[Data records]
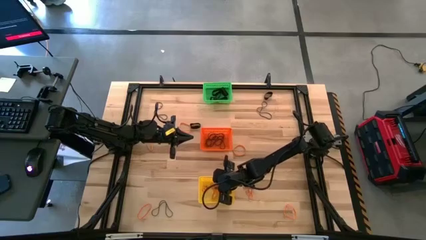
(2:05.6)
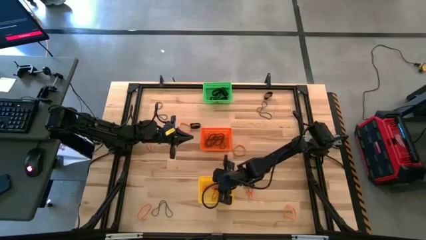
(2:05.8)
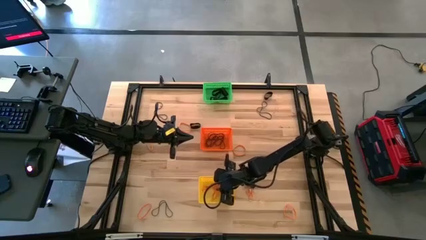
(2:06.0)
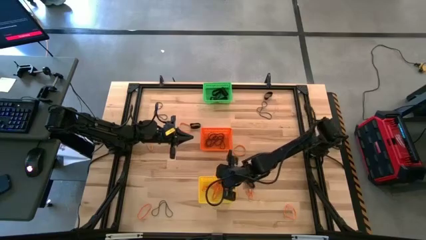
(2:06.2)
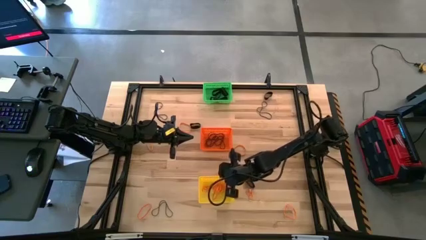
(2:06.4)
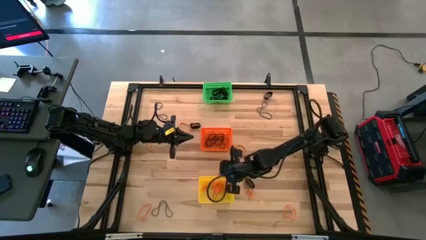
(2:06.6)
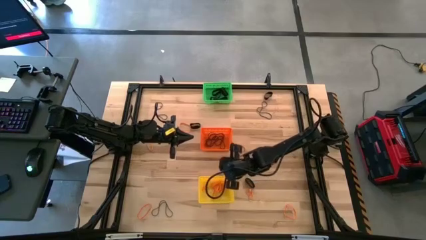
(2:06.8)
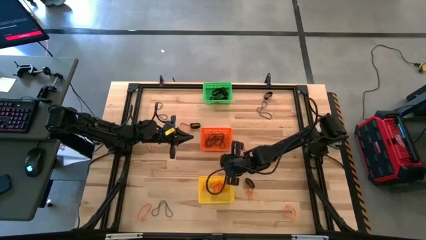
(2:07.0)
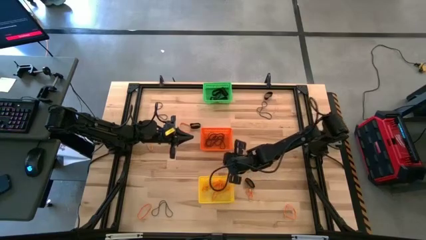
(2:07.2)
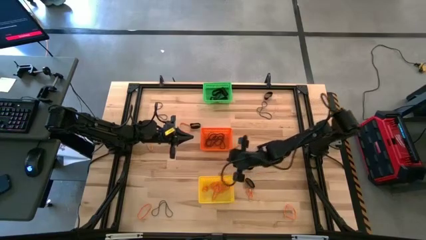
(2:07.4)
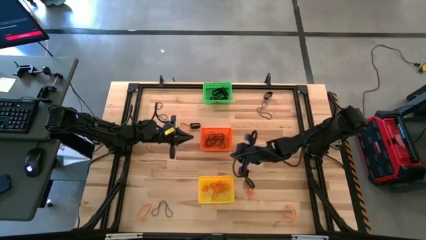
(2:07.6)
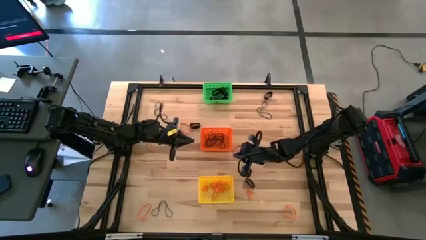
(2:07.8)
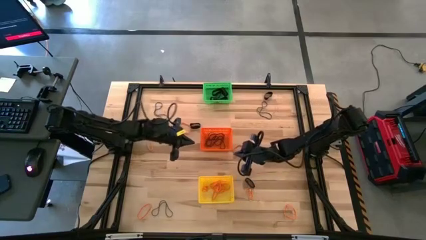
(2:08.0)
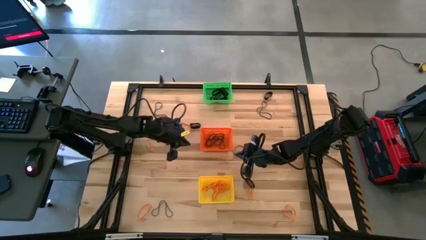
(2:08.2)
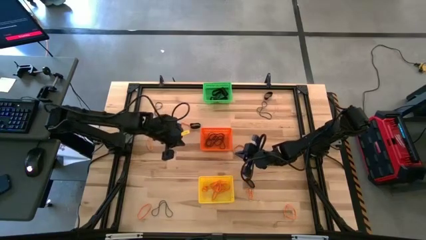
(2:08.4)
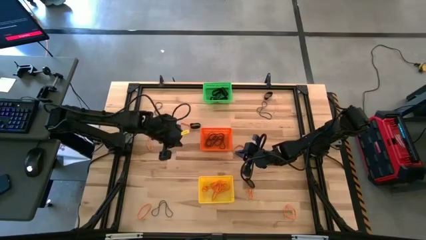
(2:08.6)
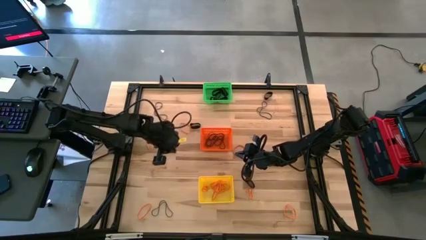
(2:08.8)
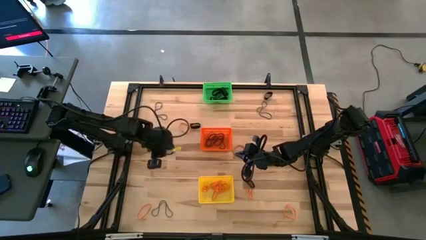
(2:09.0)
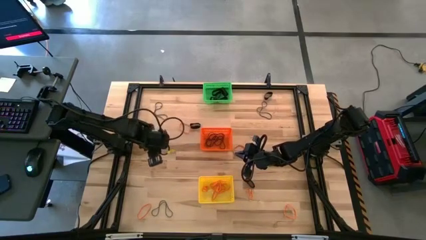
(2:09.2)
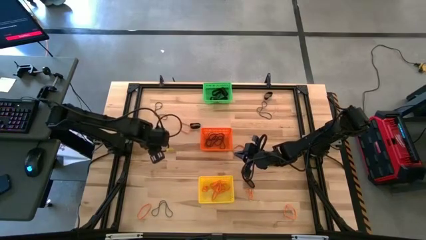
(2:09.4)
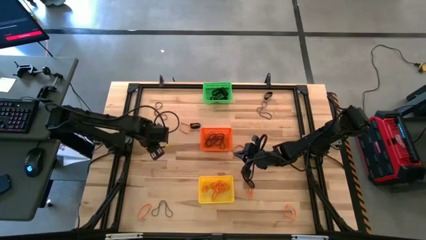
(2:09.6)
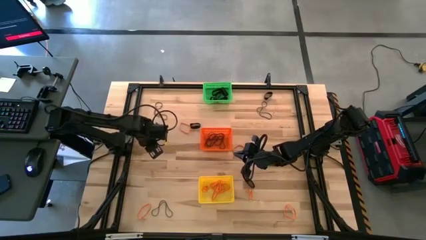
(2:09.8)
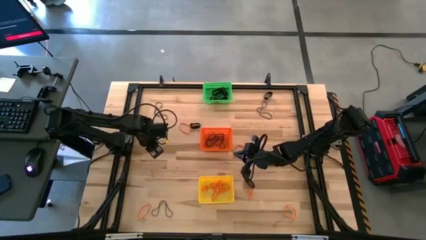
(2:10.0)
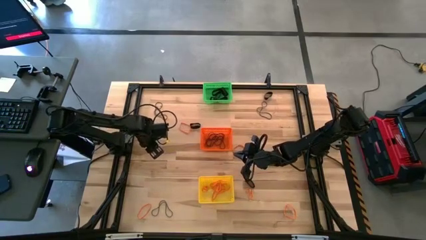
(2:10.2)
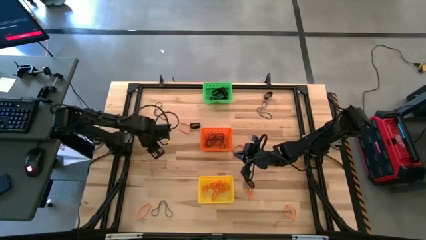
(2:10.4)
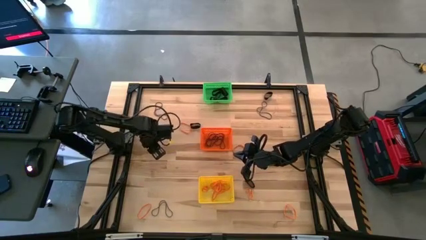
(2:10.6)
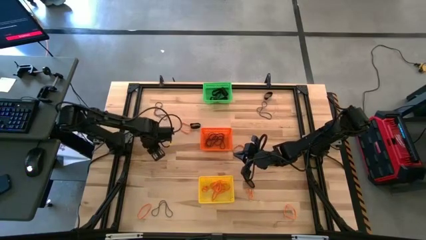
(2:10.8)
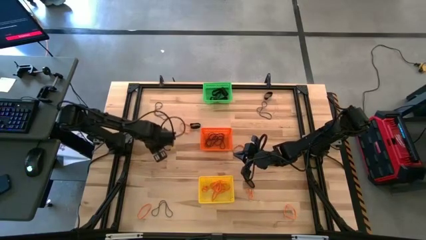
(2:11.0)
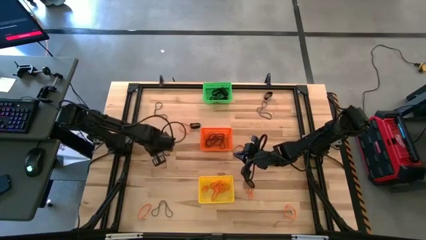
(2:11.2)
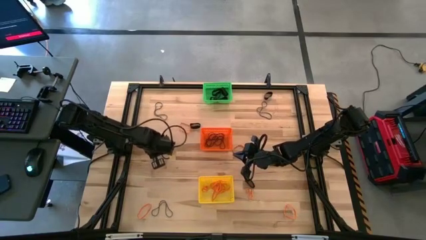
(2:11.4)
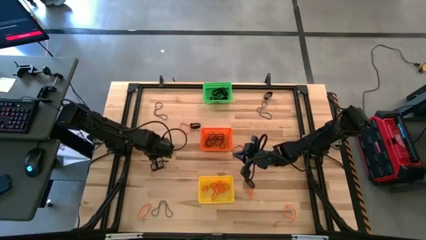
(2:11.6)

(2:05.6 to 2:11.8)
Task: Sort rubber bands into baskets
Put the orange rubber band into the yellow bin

● **HOW TO COMPLETE THIS TASK**
Print every line above exactly as given, but not the pictures.

● **OUTPUT**
(2:05.6)
(2:05.8)
(2:06.0)
(2:06.2)
(2:06.4)
(2:06.6)
(2:06.8)
(2:07.0)
(2:07.2)
(2:07.4)
(2:07.6)
(2:07.8)
(2:08.0)
(2:08.2)
(2:08.4)
(2:08.6)
(2:08.8)
(2:09.0)
(2:09.2)
(2:09.4)
(2:09.6)
(2:09.8)
(2:10.0)
(2:10.2)
(2:10.4)
(2:10.6)
(2:10.8)
(2:11.0)
(2:11.2)
(2:11.4)
(2:11.6)

(2:05.6 to 2:11.8)
Task: Sort rubber bands into baskets
Put the orange rubber band into the yellow bin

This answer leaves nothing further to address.